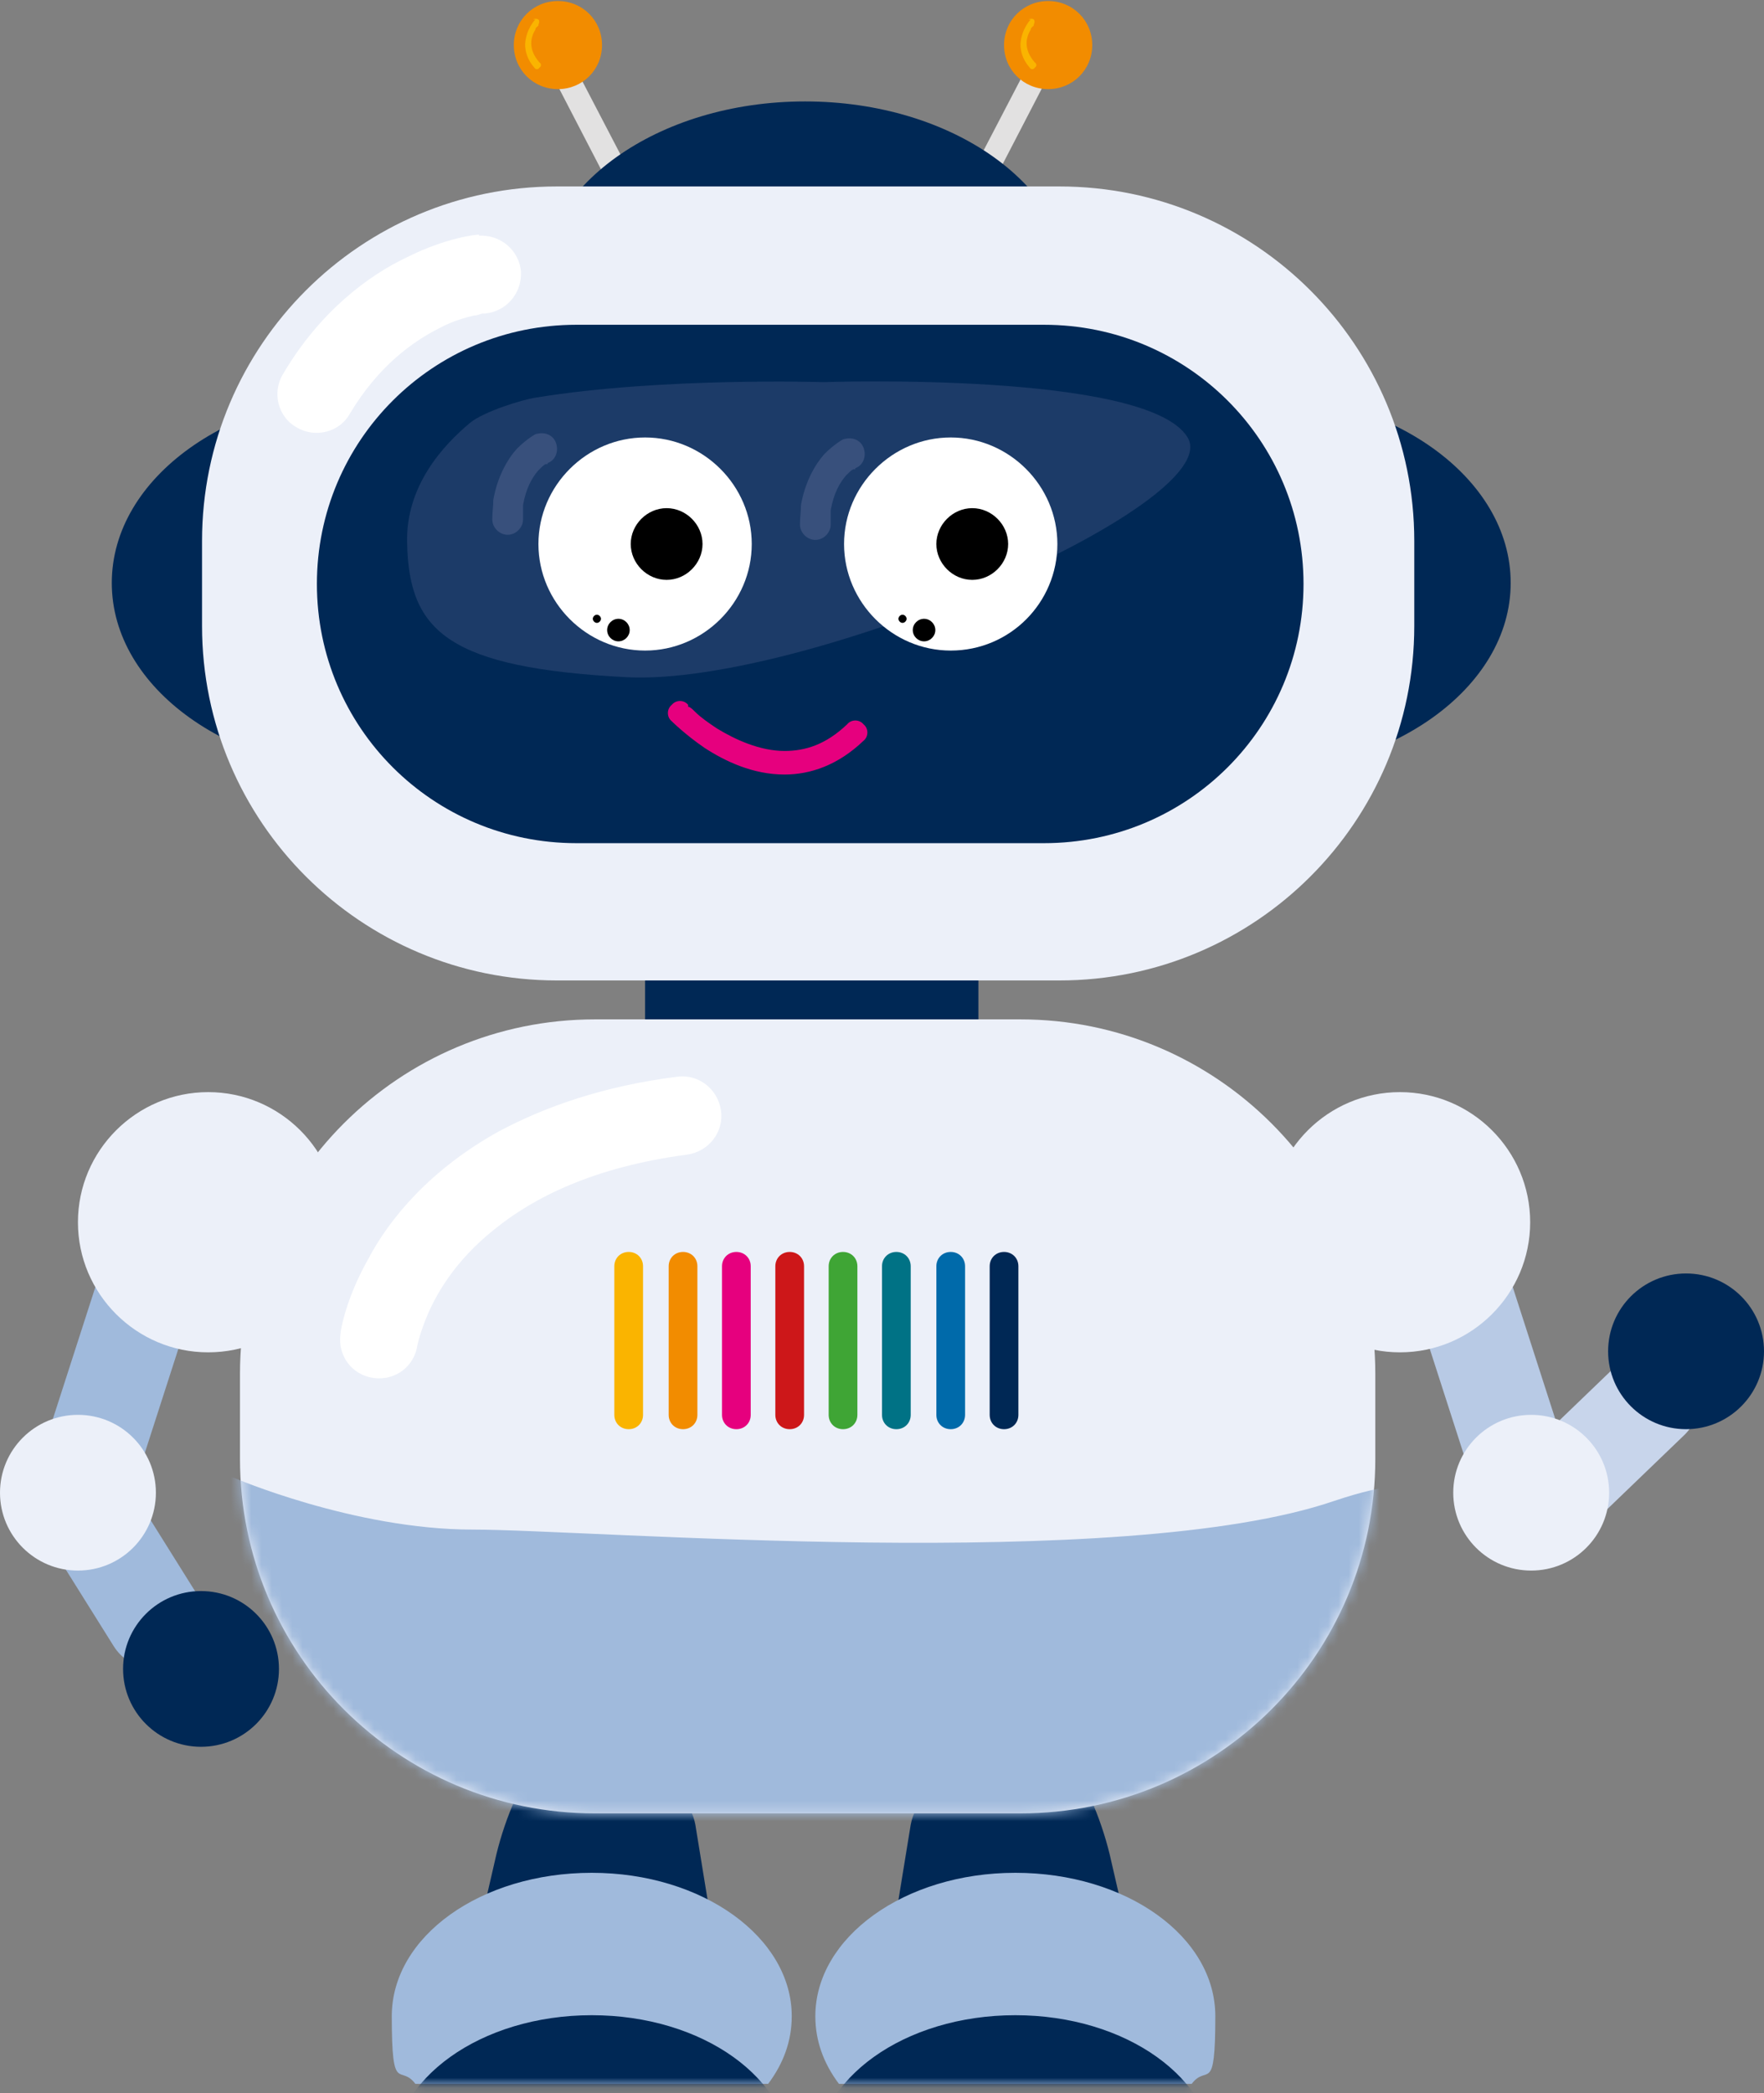 <svg width="172" height="204" viewBox="0 0 172 204" fill="none" xmlns="http://www.w3.org/2000/svg">
<rect x="0" y="0" width="172" height="204" fill="#808080" stroke="none"/>
<path d="M104.3 172.245C105.6 173.144 107.3 177.038 108.2 180.733L110.5 190.718L109.5 192.815C109 194.013 105.4 194.513 101.6 194.113L92.4 193.015C89.1 192.615 86.9 189.72 87.4 186.424L88.8 177.837C89.2 175.64 91.2 173.444 93.3 172.845L101 170.748C101.5 170.648 102.3 170.748 102.8 171.047L104.3 172.146V172.245Z" fill="#002855"/>
<path d="M81.8 203.1C80.3 201.103 79.5 198.906 79.5 196.51C79.5 188.821 88.2 182.531 99 182.531C109.8 182.531 118.5 188.721 118.5 196.51C118.5 204.298 117.7 201.103 116.2 203.1H81.8Z" fill="#A0BADC"/>
<mask id="mask0_512_140" style="mask-type:luminance" maskUnits="userSpaceOnUse" x="79" y="182" width="40" height="22">
<path d="M81.8 203.1C80.3 201.103 79.5 198.906 79.5 196.51C79.5 188.821 88.2 182.531 99 182.531C109.8 182.531 118.5 188.721 118.5 196.51C118.5 204.298 117.7 201.103 116.2 203.1H81.8Z" fill="white"/>
</mask>
<g mask="url(#mask0_512_140)">
<path d="M99 224.369C88.2 224.369 79.5 218.178 79.5 210.389C79.5 202.601 88.2 196.41 99 196.41C109.8 196.41 118.5 202.601 118.5 210.389C118.5 218.178 109.8 224.369 99 224.369Z" fill="#002855"/>
</g>
<path d="M52.3 172.245C51 173.144 49.3 177.038 48.4 180.733L46.1 190.718L47.1 192.815C47.6 194.013 51.2 194.513 55 194.113L64.2 193.015C67.5 192.615 69.7 189.72 69.2 186.424L67.8 177.837C67.4 175.64 65.4 173.444 63.3 172.845L55.6 170.748C55.1 170.648 54.3 170.748 53.8 171.047L52.3 172.146V172.245Z" fill="#002855"/>
<path d="M6.6 144.287C4.4 145.685 3.7 148.581 5.1 150.877L11.1 160.463C12.5 162.66 15.4 163.359 17.7 161.961C19.9 160.563 20.6 157.667 19.2 155.371L13.2 145.785C11.8 143.588 8.9 142.889 6.6 144.287Z" fill="#A0BADC"/>
<path d="M17.4 115.829C14.9 115.03 12.2 116.428 11.4 118.924L4.8 139.394C4 141.89 5.4 144.586 7.9 145.385C10.4 146.184 13.1 144.786 13.9 142.29L20.5 121.82C21.3 119.324 19.9 116.628 17.4 115.829Z" fill="#A0BADC"/>
<path d="M92.1 21.968L102.4 2.197L104.4 3.195L94.1 23.066" fill="#E2E1E1"/>
<path d="M64.1 21.968L53.8 2.197L51.7 3.195L62 23.066" fill="#E2E1E1"/>
<path d="M62.9 85.873V101.65H95.4V85.873H62.9Z" fill="#002855"/>
<path d="M121.3 75.389C135.6 75.389 147.3 67.101 147.3 56.816C147.3 46.531 135.7 38.244 121.3 38.244C106.9 38.244 95.3 46.531 95.3 56.816C95.3 67.101 106.9 75.389 121.3 75.389Z" fill="#002855"/>
<path d="M36.9 75.389C51.2 75.389 62.9 67.101 62.9 56.816C62.9 46.531 51.3 38.244 36.9 38.244C22.5 38.244 10.9 46.531 10.9 56.816C10.9 67.101 22.5 75.389 36.9 75.389Z" fill="#002855"/>
<path d="M78.5 47.031C92.8 47.031 104.5 38.743 104.5 28.458C104.5 18.173 92.9 9.886 78.5 9.886C64.1 9.886 52.5 18.173 52.5 28.458C52.5 38.743 64.1 47.031 78.5 47.031Z" fill="#002855"/>
<path d="M54.3 18.173C35.2 18.173 19.7 33.651 19.7 52.722V61.01C19.7 80.082 35.2 95.559 54.3 95.559H103.3C122.4 95.559 137.9 80.082 137.9 61.01V52.722C137.9 33.651 122.4 18.173 103.3 18.173H54.3Z" fill="#ECF0F9"/>
<path d="M56.2 31.653C42.2 31.653 30.9 42.937 30.9 56.916C30.9 70.895 42.2 82.179 56.2 82.179H101.8C115.8 82.179 127.1 70.895 127.1 56.916C127.1 42.937 115.8 31.653 101.8 31.653H56.2Z" fill="#002855"/>
<path d="M54.4 8.687C56.8 8.687 58.7 6.79 58.7 4.394C58.7 1.997 56.8 0.1 54.4 0.1C52 0.1 50.1 1.997 50.1 4.394C50.1 6.79 52 8.687 54.4 8.687Z" fill="#F28C00"/>
<path d="M102.2 8.687C104.6 8.687 106.5 6.79 106.5 4.394C106.5 1.997 104.6 0.1 102.2 0.1C99.8 0.1 97.9 1.997 97.9 4.394C97.9 6.79 99.8 8.687 102.2 8.687Z" fill="#F28C00"/>
<path d="M65.5 70.296C65.5 70.296 66.8 71.594 68.7 72.892C70.7 74.191 73.4 75.489 76.5 75.489C79 75.489 81.7 74.59 84.2 72.194C84.7 71.794 84.7 70.995 84.2 70.596C83.8 70.097 83 70.097 82.6 70.596C80.5 72.593 78.5 73.192 76.5 73.192C74.1 73.192 71.7 72.094 69.9 70.995C69 70.396 68.3 69.897 67.8 69.398C67.6 69.198 67.4 68.998 67.2 68.898H67.1C67.1 68.799 67.1 68.699 67.1 68.699C66.7 68.199 65.9 68.199 65.5 68.699C65 69.098 65 69.897 65.5 70.296Z" fill="#E6007E"/>
<path d="M58 99.353C38.9 99.353 23.4 114.83 23.4 133.902V142.19C23.4 161.262 38.9 176.739 58 176.739H99.5C118.6 176.739 134.1 161.262 134.1 142.19V133.902C134.1 114.83 118.6 99.353 99.5 99.353H58Z" fill="#ECF0F9"/>
<mask id="mask1_512_140" style="mask-type:luminance" maskUnits="userSpaceOnUse" x="23" y="99" width="112" height="78">
<path d="M58 99.353C38.9 99.353 23.4 114.83 23.4 133.902V142.19C23.4 161.262 38.9 176.739 58 176.739H99.5C118.6 176.739 134.1 161.262 134.1 142.19V133.902C134.1 114.83 118.6 99.353 99.5 99.353H58Z" fill="white"/>
</mask>
<g mask="url(#mask1_512_140)">
<path d="M20.6 145.585C20.6 144.487 21.6 143.788 22.7 143.987C22.7 143.987 34.5 149.08 46.1 149.08C57.7 149.08 109.4 153.374 130.1 146.284C150.9 139.294 137.9 158.166 137.9 158.166L133.4 164.457C130.9 167.952 125.4 171.846 121.2 173.144L109.9 176.539C104.1 178.337 94.4 179.735 88.4 179.735H45.2C41.3 179.735 35.8 177.738 32.8 175.241L25.4 169.05C22.9 166.953 20.7 162.56 20.6 159.265L20.3 150.578L20.6 145.485V145.585Z" fill="#A0BADC"/>
</g>
<path d="M20.3 131.805C27.3 131.805 33 126.114 33 119.124C33 112.134 27.3 106.443 20.3 106.443C13.3 106.443 7.6 112.134 7.6 119.124C7.6 126.114 13.3 131.805 20.3 131.805Z" fill="#ECF0F9"/>
<path d="M7.6 153.074C11.8 153.074 15.2 149.679 15.2 145.485C15.2 141.291 11.8 137.896 7.6 137.896C3.4 137.896 0 141.291 0 145.485C0 149.679 3.4 153.074 7.6 153.074Z" fill="#ECF0F9"/>
<path d="M164.3 133.203C166.1 135.1 166.1 138.096 164.2 139.893L156.1 147.682C154.2 149.479 151.2 149.479 149.4 147.582C147.6 145.685 147.6 142.689 149.5 140.892L157.6 133.103C159.5 131.306 162.5 131.306 164.3 133.203Z" fill="#C8D5EB"/>
<path d="M139.4 115.829C141.9 115.03 144.6 116.428 145.4 118.924L152 139.394C152.8 141.89 151.4 144.586 148.9 145.385C146.4 146.184 143.7 144.786 142.9 142.29L136.3 121.82C135.5 119.324 136.9 116.628 139.4 115.829Z" fill="#B8CAE5"/>
<path d="M136.5 131.805C129.5 131.805 123.8 126.114 123.8 119.124C123.8 112.134 129.5 106.443 136.5 106.443C143.5 106.443 149.2 112.134 149.2 119.124C149.2 126.114 143.5 131.805 136.5 131.805Z" fill="#ECF0F9"/>
<path d="M149.3 153.074C145.1 153.074 141.7 149.679 141.7 145.485C141.7 141.291 145.1 137.896 149.3 137.896C153.5 137.896 156.9 141.291 156.9 145.485C156.9 149.679 153.5 153.074 149.3 153.074Z" fill="#ECF0F9"/>
<path d="M19.6 170.249C23.8 170.249 27.2 166.854 27.2 162.66C27.2 158.466 23.8 155.071 19.6 155.071C15.4 155.071 12 158.466 12 162.66C12 166.854 15.4 170.249 19.6 170.249Z" fill="#002855"/>
<path d="M164.4 139.294C168.6 139.294 172 135.899 172 131.705C172 127.512 168.6 124.117 164.4 124.117C160.2 124.117 156.8 127.512 156.8 131.705C156.8 135.899 160.2 139.294 164.4 139.294Z" fill="#002855"/>
<path d="M74.9 203.1C76.4 201.103 77.2 198.906 77.2 196.51C77.2 188.821 68.5 182.531 57.7 182.531C46.9 182.531 38.2 188.721 38.2 196.51C38.2 204.298 39 201.103 40.5 203.1H74.9Z" fill="#A0BADC"/>
<mask id="mask2_512_140" style="mask-type:luminance" maskUnits="userSpaceOnUse" x="38" y="182" width="40" height="22">
<path d="M74.9 203.1C76.4 201.103 77.2 198.906 77.2 196.51C77.2 188.821 68.5 182.531 57.7 182.531C46.9 182.531 38.2 188.721 38.2 196.51C38.2 204.298 39 201.103 40.5 203.1H74.9Z" fill="white"/>
</mask>
<g mask="url(#mask2_512_140)">
<path d="M57.7 224.369C68.5 224.369 77.2 218.178 77.2 210.389C77.2 202.601 68.5 196.41 57.7 196.41C46.9 196.41 38.2 202.601 38.2 210.389C38.2 218.178 46.9 224.369 57.7 224.369Z" fill="#002855"/>
</g>
<path d="M45.8 41.239C43.3 43.336 39.5 47.33 39.7 53.022C39.9 61.609 43.8 65.104 61.1 66.003C78.5 66.901 119.7 49.128 115.8 42.637C111.9 36.147 80.3 37.245 80.3 37.245C80.3 37.245 64.6 36.746 52.3 38.743C50.9 38.943 47.1 40.141 45.8 41.239Z" fill="#1C3B68"/>
<path d="M92.7 63.407C98.5 63.407 103.1 58.714 103.1 53.022C103.1 47.33 98.4 42.637 92.7 42.637C87 42.637 82.3 47.33 82.3 53.022C82.3 58.714 87 63.407 92.7 63.407Z" fill="white"/>
<path d="M94.8 56.517C96.7 56.517 98.3 54.919 98.3 53.022C98.3 51.125 96.7 49.527 94.8 49.527C92.9 49.527 91.3 51.125 91.3 53.022C91.3 54.919 92.9 56.517 94.8 56.517Z" fill="black"/>
<path d="M90.1 62.508C90.7 62.508 91.2 62.008 91.2 61.409C91.2 60.81 90.7 60.311 90.1 60.311C89.5 60.311 89 60.81 89 61.409C89 62.008 89.5 62.508 90.1 62.508Z" fill="black"/>
<path d="M88 60.71C88.2 60.71 88.4 60.511 88.4 60.311C88.4 60.111 88.2 59.912 88 59.912C87.8 59.912 87.6 60.111 87.6 60.311C87.6 60.511 87.8 60.71 88 60.71Z" fill="black"/>
<path d="M62.9 63.407C68.6 63.407 73.3 58.714 73.3 53.022C73.3 47.33 68.6 42.637 62.9 42.637C57.2 42.637 52.5 47.33 52.5 53.022C52.5 58.714 57.2 63.407 62.9 63.407Z" fill="white"/>
<path d="M65 56.517C66.9 56.517 68.5 54.919 68.5 53.022C68.5 51.125 66.9 49.527 65 49.527C63.1 49.527 61.5 51.125 61.5 53.022C61.5 54.919 63.1 56.517 65 56.517Z" fill="black"/>
<path d="M60.3 62.508C60.9 62.508 61.4 62.008 61.4 61.409C61.4 60.81 60.9 60.311 60.3 60.311C59.7 60.311 59.2 60.81 59.2 61.409C59.2 62.008 59.7 62.508 60.3 62.508Z" fill="black"/>
<path d="M58.2 60.71C58.4 60.71 58.6 60.511 58.6 60.311C58.6 60.111 58.4 59.912 58.2 59.912C58 59.912 57.8 60.111 57.8 60.311C57.8 60.511 58 60.71 58.2 60.71Z" fill="black"/>
<path d="M40.7 131.106C40.7 131.106 40.9 130.108 41.5 128.61C42.4 126.314 44.3 122.919 48.2 119.823C52 116.728 57.9 113.732 67 112.534C69.1 112.234 70.6 110.337 70.3 108.24C70 106.143 68.1 104.646 66 104.945C58.9 105.844 53.2 107.841 48.7 110.237C42 113.932 38 118.725 35.9 122.719C33.7 126.613 33.2 129.709 33.2 130.008C32.9 132.105 34.3 134.002 36.4 134.302C38.5 134.601 40.4 133.203 40.7 131.106Z" fill="white"/>
<path d="M46.7 22.866C46.4 22.866 43.5 23.166 39.7 25.063C35.9 26.86 31.2 30.355 27.6 36.446C26.5 38.243 27.1 40.64 28.9 41.639C30.7 42.737 33.1 42.138 34.1 40.34C36.9 35.647 40.3 33.251 42.9 31.953C44.2 31.254 45.4 30.954 46.2 30.755C46.6 30.755 46.9 30.555 47.1 30.555H47.3C49.4 30.355 50.9 28.558 50.8 26.461C50.6 24.364 48.8 22.866 46.7 22.966V22.866Z" fill="white"/>
<path d="M61.3 122.02C60.5 122.02 59.9 122.619 59.9 123.418V137.896C59.9 138.695 60.5 139.294 61.3 139.294C62.1 139.294 62.7 138.695 62.7 137.896V123.418C62.7 122.619 62.1 122.02 61.3 122.02Z" fill="#FAB400"/>
<path d="M66.6 122.02C65.8 122.02 65.2 122.619 65.2 123.418V137.896C65.2 138.695 65.8 139.294 66.6 139.294C67.4 139.294 68 138.695 68 137.896V123.418C68 122.619 67.4 122.02 66.6 122.02Z" fill="#F28C00"/>
<path d="M71.8 122.02C71 122.02 70.4 122.619 70.4 123.418V137.896C70.4 138.695 71 139.294 71.8 139.294C72.6 139.294 73.2 138.695 73.2 137.896V123.418C73.2 122.619 72.6 122.02 71.8 122.02Z" fill="#E6007E"/>
<path d="M77 122.02C76.2 122.02 75.6 122.619 75.6 123.418V137.896C75.6 138.695 76.2 139.294 77 139.294C77.8 139.294 78.4 138.695 78.4 137.896V123.418C78.4 122.619 77.8 122.02 77 122.02Z" fill="#CD1719"/>
<path d="M82.2 122.02C81.4 122.02 80.8 122.619 80.8 123.418V137.896C80.8 138.695 81.4 139.294 82.2 139.294C83 139.294 83.6 138.695 83.6 137.896V123.418C83.6 122.619 83 122.02 82.2 122.02Z" fill="#3FA535"/>
<path d="M87.4 122.02C86.6 122.02 86 122.619 86 123.418V137.896C86 138.695 86.6 139.294 87.4 139.294C88.2 139.294 88.8 138.695 88.8 137.896V123.418C88.8 122.619 88.2 122.02 87.4 122.02Z" fill="#007285"/>
<path d="M92.7 122.02C91.9 122.02 91.3 122.619 91.3 123.418V137.896C91.3 138.695 91.9 139.294 92.7 139.294C93.5 139.294 94.1 138.695 94.1 137.896V123.418C94.1 122.619 93.5 122.02 92.7 122.02Z" fill="#006AAA"/>
<path d="M97.9 122.02C97.1 122.02 96.5 122.619 96.5 123.418V137.896C96.5 138.695 97.1 139.294 97.9 139.294C98.7 139.294 99.3 138.695 99.3 137.896V123.418C99.3 122.619 98.7 122.02 97.9 122.02Z" fill="#002855"/>
<path d="M52.2 1.897C52.2 1.897 51.3 2.796 51.2 4.294C51.2 4.993 51.4 5.792 52.1 6.59C52.2 6.79 52.5 6.79 52.6 6.59C52.8 6.491 52.8 6.191 52.6 6.091C52 5.392 51.8 4.793 51.8 4.194C51.8 3.695 52 3.195 52.2 2.896C52.2 2.696 52.4 2.596 52.5 2.497V2.397C52.6 2.197 52.6 1.997 52.5 1.897C52.3 1.798 52.1 1.798 52 1.897H52.2Z" fill="#FAB400"/>
<path d="M100.5 1.897C100.5 1.897 99.6 2.796 99.5 4.294C99.5 4.993 99.7 5.792 100.4 6.59C100.5 6.79 100.8 6.79 100.9 6.59C101.1 6.491 101.1 6.191 100.9 6.091C100.3 5.392 100.1 4.793 100.1 4.194C100.1 3.695 100.3 3.195 100.5 2.896C100.5 2.696 100.7 2.596 100.8 2.497V2.397C100.9 2.197 100.9 1.997 100.8 1.897C100.7 1.798 100.4 1.798 100.3 1.897H100.5Z" fill="#FAB400"/>
<path d="M52.4 42.238C52.3 42.238 51.4 42.737 50.4 43.736C49.5 44.734 48.5 46.431 48.1 48.728C48.1 49.327 48 49.926 48 50.625C48 51.424 48.7 52.123 49.5 52.123C50.3 52.123 51 51.424 51 50.625C51 50.126 51 49.627 51 49.227C51.3 47.53 51.9 46.531 52.5 45.832C52.8 45.533 53 45.333 53.2 45.233H53.4C53.4 45.133 53.4 45.133 53.4 45.133C54.2 44.834 54.5 43.935 54.2 43.136C53.9 42.338 53 42.038 52.2 42.338L52.4 42.238Z" fill="#38507C"/>
<path d="M82.4 42.737C82.3 42.737 81.4 43.236 80.4 44.235C79.5 45.233 78.5 46.931 78.1 49.227C78.1 49.827 78 50.426 78 51.125C78 51.923 78.7 52.622 79.5 52.622C80.3 52.622 81 51.923 81 51.125C81 50.625 81 50.126 81 49.727C81.3 48.029 81.9 47.031 82.5 46.332C82.8 46.032 83 45.832 83.2 45.733H83.4C83.4 45.633 83.4 45.633 83.4 45.633C84.2 45.333 84.5 44.434 84.2 43.636C83.9 42.837 83 42.537 82.2 42.837L82.4 42.737Z" fill="#38507C"/>
</svg>

▬▬▬▬▬▬▬▬▬▬

Directions for this task =>
An exact copy of the lines above between the line holding "115.829C14.9 115.03 12.2" and the line holding "21.968L53.8 2.197L51.7 3.195L62", inclusive, is the whole answer.

Your response =>
<path d="M17.4 115.829C14.9 115.03 12.2 116.428 11.4 118.924L4.8 139.394C4 141.89 5.4 144.586 7.9 145.385C10.4 146.184 13.1 144.786 13.9 142.29L20.5 121.82C21.3 119.324 19.9 116.628 17.4 115.829Z" fill="#A0BADC"/>
<path d="M92.1 21.968L102.4 2.197L104.4 3.195L94.1 23.066" fill="#E2E1E1"/>
<path d="M64.1 21.968L53.8 2.197L51.7 3.195L62 23.066" fill="#E2E1E1"/>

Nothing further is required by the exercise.